GIVEN RECORDS:
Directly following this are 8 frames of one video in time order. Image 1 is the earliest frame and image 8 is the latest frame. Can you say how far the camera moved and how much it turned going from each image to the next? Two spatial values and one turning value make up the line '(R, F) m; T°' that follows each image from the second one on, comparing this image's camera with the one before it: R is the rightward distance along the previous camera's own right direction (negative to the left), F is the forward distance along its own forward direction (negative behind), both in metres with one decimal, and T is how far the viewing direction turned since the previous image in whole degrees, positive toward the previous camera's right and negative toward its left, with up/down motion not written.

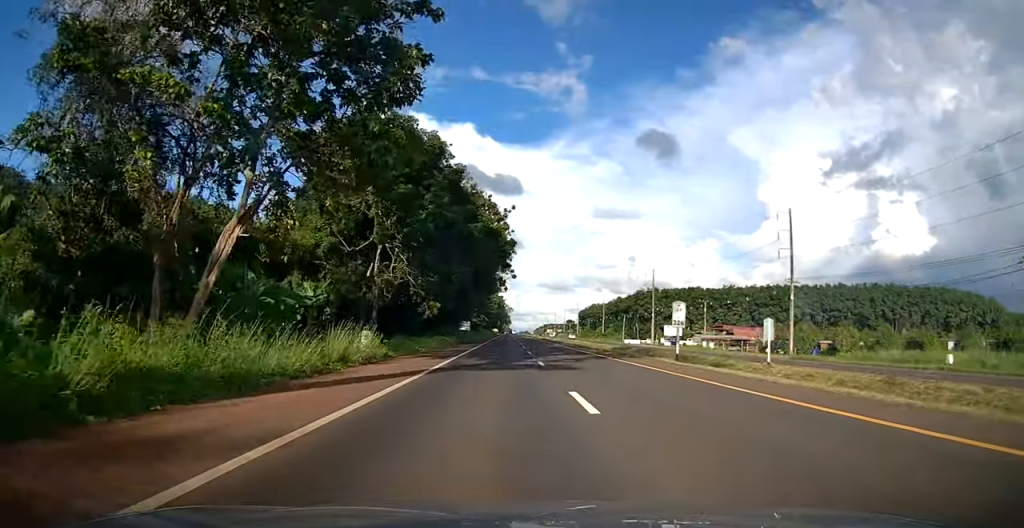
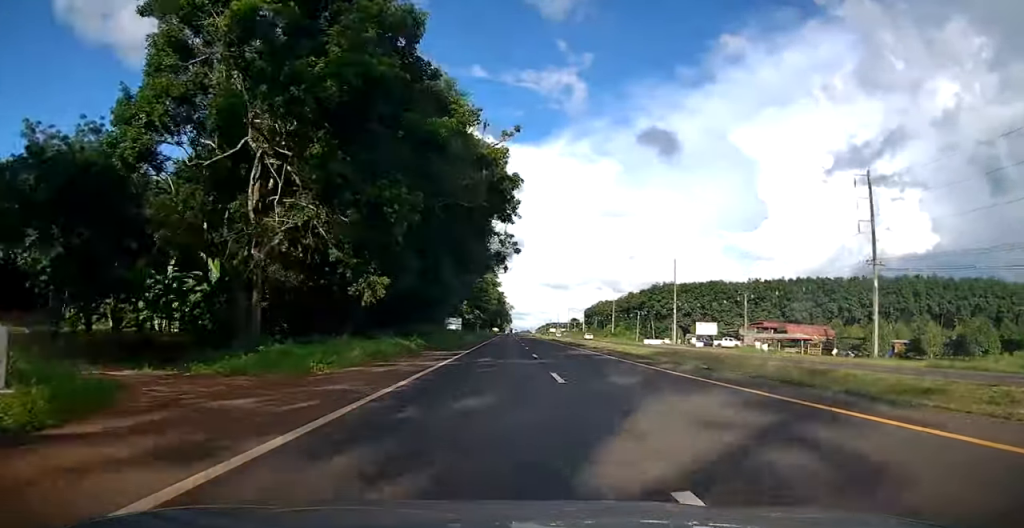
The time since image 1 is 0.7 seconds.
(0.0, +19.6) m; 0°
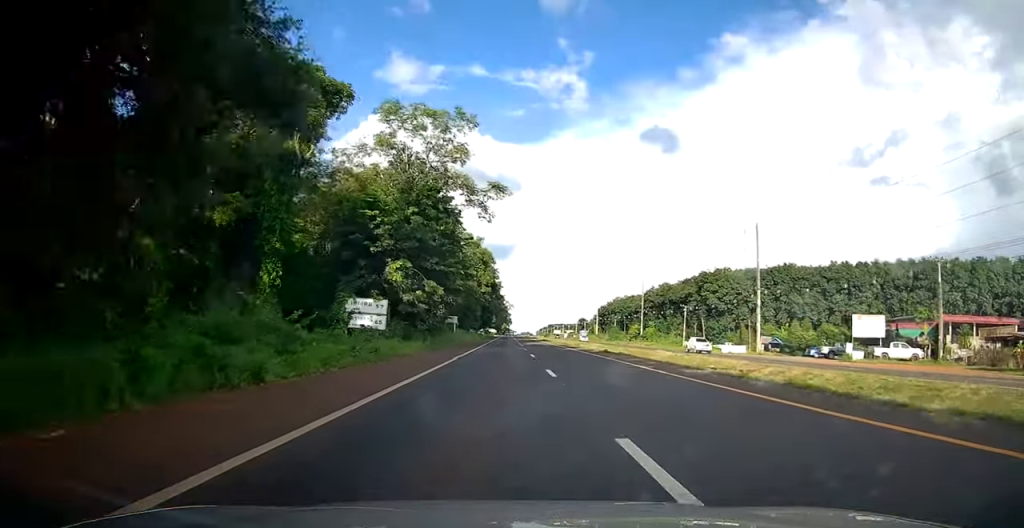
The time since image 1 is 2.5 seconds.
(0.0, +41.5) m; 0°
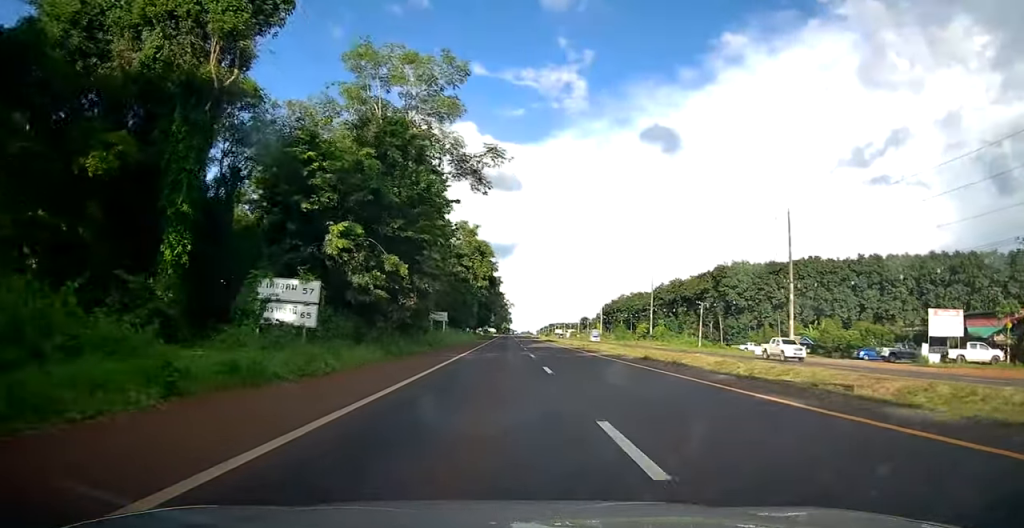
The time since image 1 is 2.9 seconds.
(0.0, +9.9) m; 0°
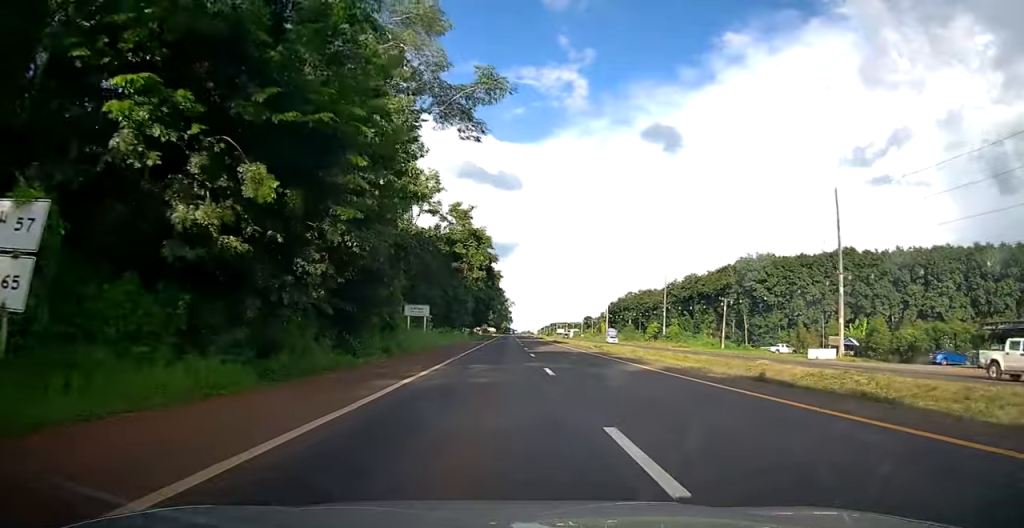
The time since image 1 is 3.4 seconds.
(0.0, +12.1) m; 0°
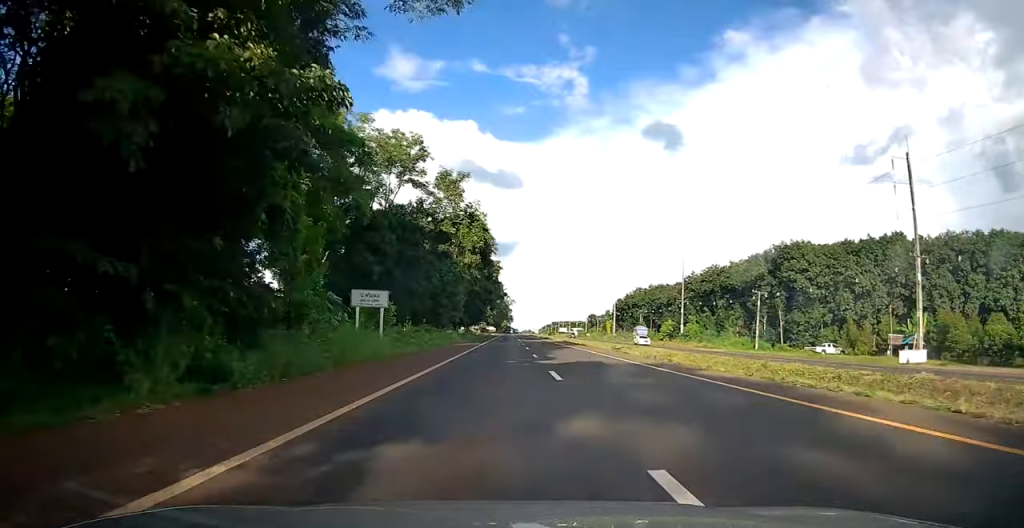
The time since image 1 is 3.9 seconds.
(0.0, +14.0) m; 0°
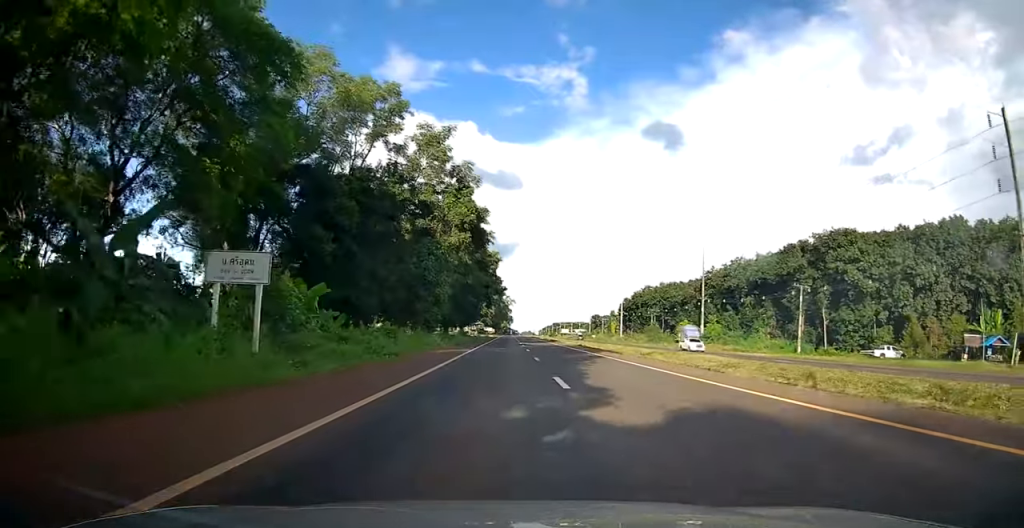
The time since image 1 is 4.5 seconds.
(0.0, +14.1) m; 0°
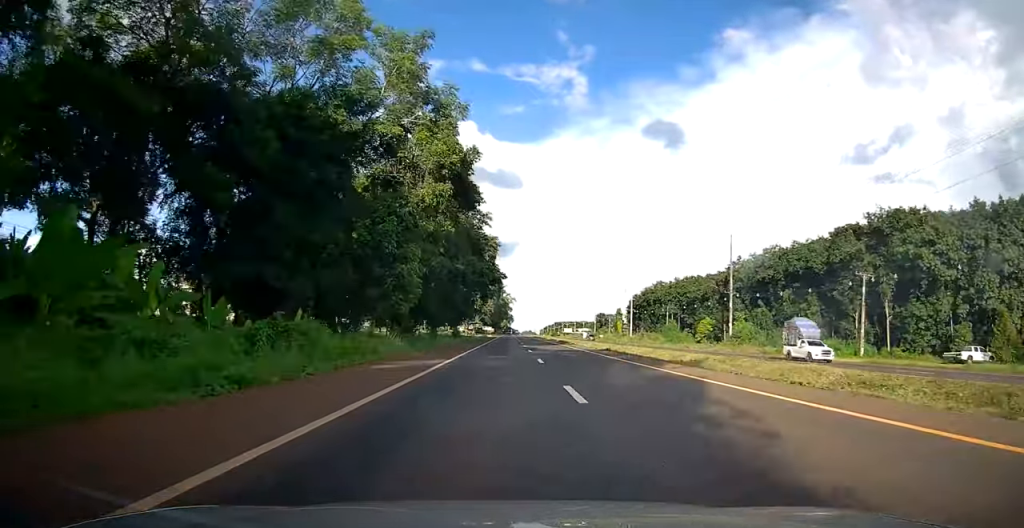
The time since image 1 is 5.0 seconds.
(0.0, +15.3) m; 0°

TASK BRIEF: Please reproduce the listing exactly, leaving out any pictures.

YOUR SOLUTION:
Directly following this are 8 frames of one video in time order. Image 1 is the earliest frame and image 8 is the latest frame. Can you say how far the camera moved and how much it turned going from each image to the next? Two spatial values and one turning value make up the line '(R, F) m; T°' that follows each image from the second one on, comparing this image's camera with the one before it: R is the rightward distance along the previous camera's own right direction (negative to the left), F is the forward distance along its own forward direction (negative behind), both in metres with one decimal, and T is how far the viewing direction turned since the previous image in whole degrees, positive toward the previous camera's right and negative toward its left, with up/down motion not written.

The time since image 1 is 0.7 seconds.
(0.0, +19.6) m; 0°
The time since image 1 is 2.5 seconds.
(0.0, +41.5) m; 0°
The time since image 1 is 2.9 seconds.
(0.0, +9.9) m; 0°
The time since image 1 is 3.4 seconds.
(0.0, +12.1) m; 0°
The time since image 1 is 3.9 seconds.
(0.0, +14.0) m; 0°
The time since image 1 is 4.5 seconds.
(0.0, +14.1) m; 0°
The time since image 1 is 5.0 seconds.
(0.0, +15.3) m; 0°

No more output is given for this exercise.